RSNA: Is the quest for evidence prohibiting PET/CT from being included in breast cancer guidelines?

CHICAGO—When an audience member asked why PET/CT is not already included in the clinical oncologic guidelines for the management of locally advanced breast cancer, two expert panelists at the annual Radiological Society of North America (RSNA) meeting explained that the push for conclusive, evidence-based medicine may be one consideration.

“Medical oncologists are inherently conservative, and currently, there is a push throughout all of healthcare to have their clinical practices based upon evidence, which means they require rather large data sets to be comfortable that there is a benefit from performing even a diagnostic test,” explained Steven M. Larson, MD, vice chair for research for the radiology department at Memorial Sloan-Kettering Cancer Center in New York City.

As an example, Larson referenced the realm of pancreatic cancer. “Gemcitabine [Gemzar, Eli Lilly] is a drug that offers only a small improvement in five-year survival, from 10 to 20 percent,” he said.
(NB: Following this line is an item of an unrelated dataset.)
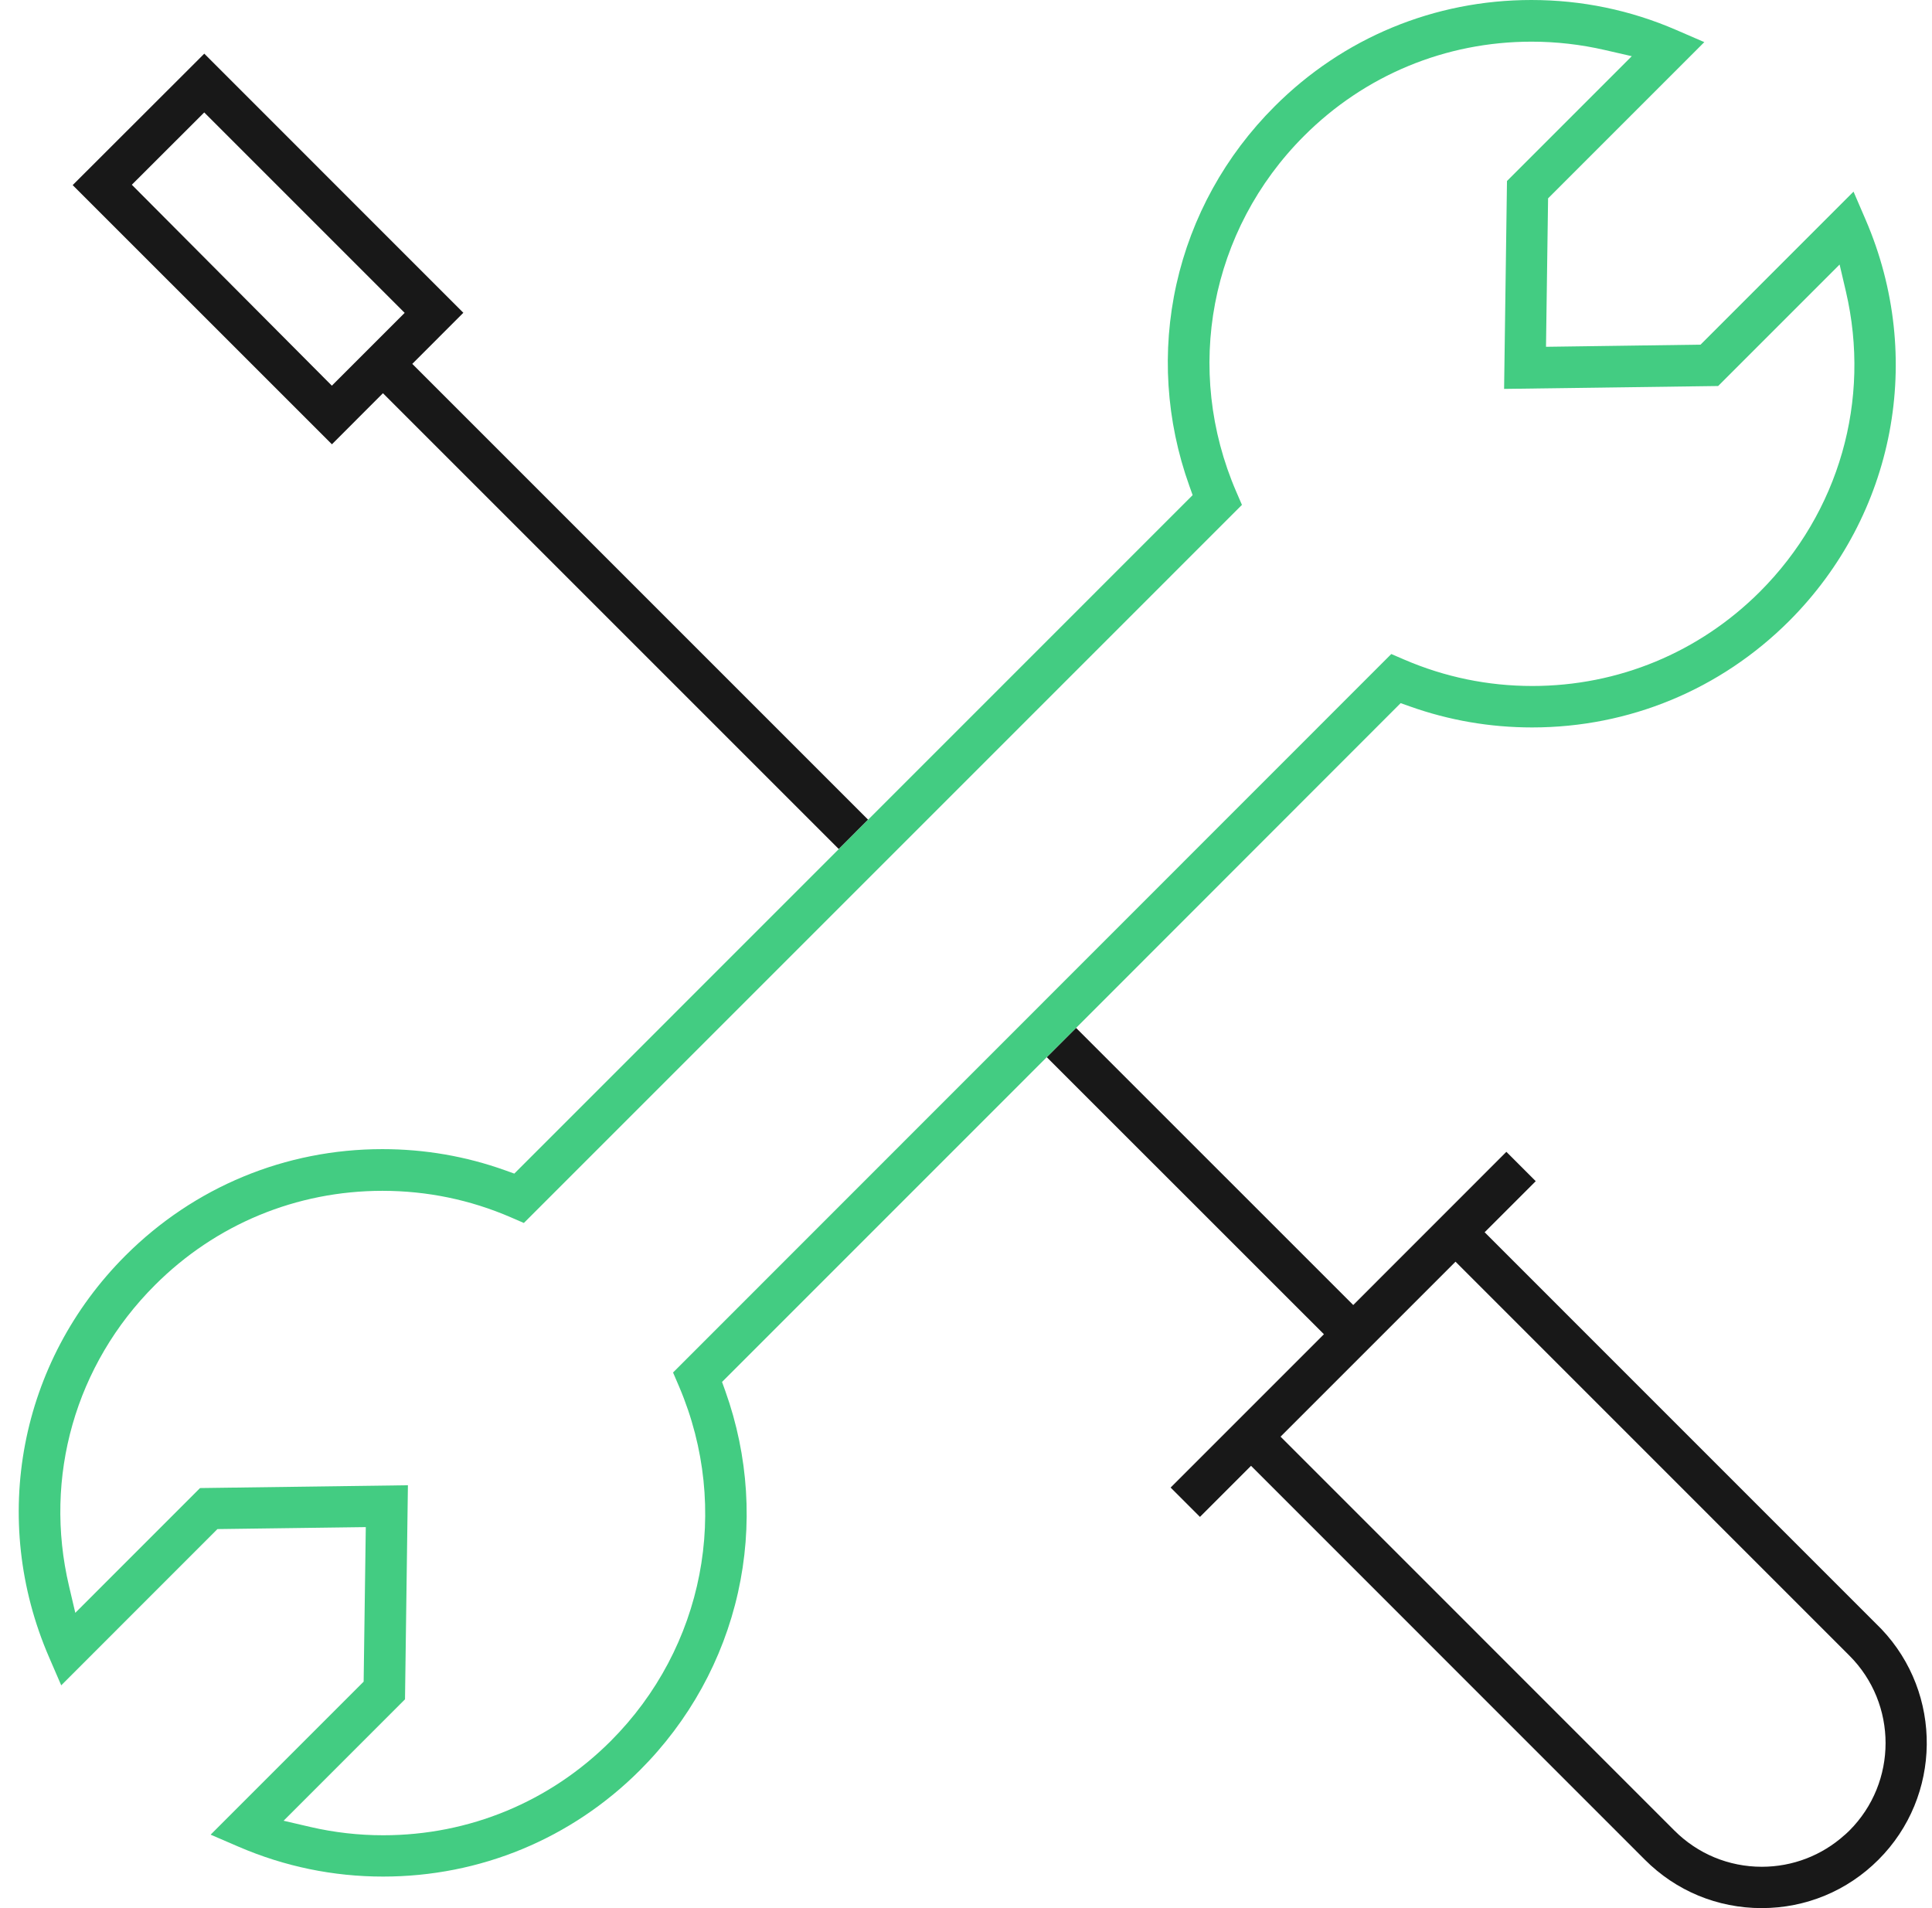 <svg width="81" height="80" viewBox="0 0 81 80" fill="none" xmlns="http://www.w3.org/2000/svg">
<path fill-rule="evenodd" clip-rule="evenodd" d="M35.167 35.598L16.055 16.486L13.916 18.628L3.047 7.761L8.565 2.25L19.426 13.114L17.285 15.256L36.396 34.367L35.167 35.598ZM13.913 16.17L5.528 7.747L5.527 7.746L8.563 4.714L16.966 13.117L13.913 16.17Z" fill="#181818"/>
<path fill-rule="evenodd" clip-rule="evenodd" d="M73.859 80C72.007 80 70.267 79.28 68.962 77.971L52.45 61.456L50.309 63.598L49.079 62.368L55.506 55.94L43.886 44.324L45.115 43.096L56.735 54.715L63.155 48.292L64.386 49.523L62.244 51.664L78.877 68.299C81.455 71.008 81.415 75.311 78.756 77.97C77.448 79.279 75.709 80 73.858 80H73.859ZM70.198 76.746L53.688 60.234L61.023 52.898L77.538 69.415C79.558 71.437 79.561 74.727 77.533 76.754L77.433 76.849L77.338 76.936H77.335C76.381 77.795 75.154 78.267 73.866 78.267C72.481 78.267 71.178 77.727 70.198 76.746Z" fill="#181818"/>
<path fill-rule="evenodd" clip-rule="evenodd" d="M43.886 44.324L30.272 57.94L30.41 58.324C31.384 61.051 31.567 63.972 30.94 66.772C30.311 69.584 28.889 72.159 26.829 74.219C23.955 77.094 20.131 78.678 16.061 78.678C13.969 78.678 11.934 78.257 10.009 77.429L8.831 76.921L15.246 70.506L15.336 64.026L9.116 64.109L2.567 70.66L2.058 69.484C-0.447 63.7 0.81 57.089 5.262 52.64C8.141 49.764 11.966 48.179 16.033 48.179C17.804 48.179 19.534 48.478 21.178 49.067L21.562 49.205L35.167 35.598L36.396 34.367L50.002 20.759L49.865 20.375C48.885 17.644 48.697 14.718 49.323 11.914C49.951 9.1 51.373 6.524 53.438 4.461C56.313 1.584 60.137 0 64.204 0C66.311 0 68.355 0.423 70.278 1.257L71.454 1.766L64.904 8.316L64.817 14.54L71.296 14.45L77.71 8.035L78.218 9.213C80.709 14.991 79.45 21.595 75.009 26.038C72.127 28.915 68.301 30.499 64.236 30.499C62.476 30.499 60.751 30.202 59.107 29.616L58.723 29.48L45.116 43.096L43.886 44.324ZM13.021 76.6L11.89 76.337L16.98 71.246L17.102 62.271L8.387 62.389L3.157 67.62L2.893 66.495C1.816 61.926 3.162 57.21 6.495 53.88C9.043 51.33 12.43 49.927 16.034 49.927C17.902 49.927 19.714 50.301 21.419 51.039L21.963 51.275L52.069 21.168L51.834 20.624C49.616 15.5 50.73 9.642 54.672 5.7C57.22 3.15 60.608 1.747 64.21 1.747C65.24 1.747 66.272 1.864 67.279 2.096L68.413 2.356L63.181 7.589L63.06 16.305L72.034 16.184L77.126 11.091L77.39 12.219C78.454 16.777 77.107 21.484 73.784 24.809C71.233 27.357 67.845 28.761 64.242 28.761C62.382 28.761 60.576 28.388 58.872 27.654L58.33 27.421L28.218 57.544L28.453 58.091L28.479 58.152C30.646 63.253 29.517 69.08 25.604 72.997C23.057 75.544 19.67 76.946 16.066 76.946C15.035 76.946 14.011 76.829 13.021 76.6Z" fill="#43CC82"/>
</svg>

Yet, that drug is recommended because there is no evidence that a combination of other drugs will have the same survival impact.

To be included in clinical guidelines, “it’s a matter of collecting data in a way that is convincing to the medical oncology community because they are the ones ordering the tests,” Larson said.  

His fellow panelist, Homer Aquino Macapinlac, MD, a radiologist in the nuclear medicine department at MD Anderson Cancer Center in Houston, concurred. “Sometimes the requirement for evidence-based medicine has come to the point of being silly.” He used the analogy of parachutes, that although there are no conclusive studies, most people will want the protection of the device. “Some medical concepts may be inherently obvious to us, but [medical oncologists] still want the data,” he added.

Most oncologists are looking for trials, according to Macapinlac, which would randomize breast cancer patients to PET/CT or no PET/CT, and follow them for a long time, up to 10 years, because these patients can live for a long time.  

Macapinlac also pointed to economics, as guideline writers and regulators are hesitant to recommend a therapy that would increase costs, acknowledging that PET/CT is a “fairly costly exam.”

However, he added that the efficacy of the exam may drive its acceptance for certain cancer patients, as PET/CT has been adopted with lymphoma patients. “With breast cancer, recurrence can occur several times over the course of the patient’s life, so the exam won’t demonstrate a survival benefit, as clearly as it may with other types of cancers.”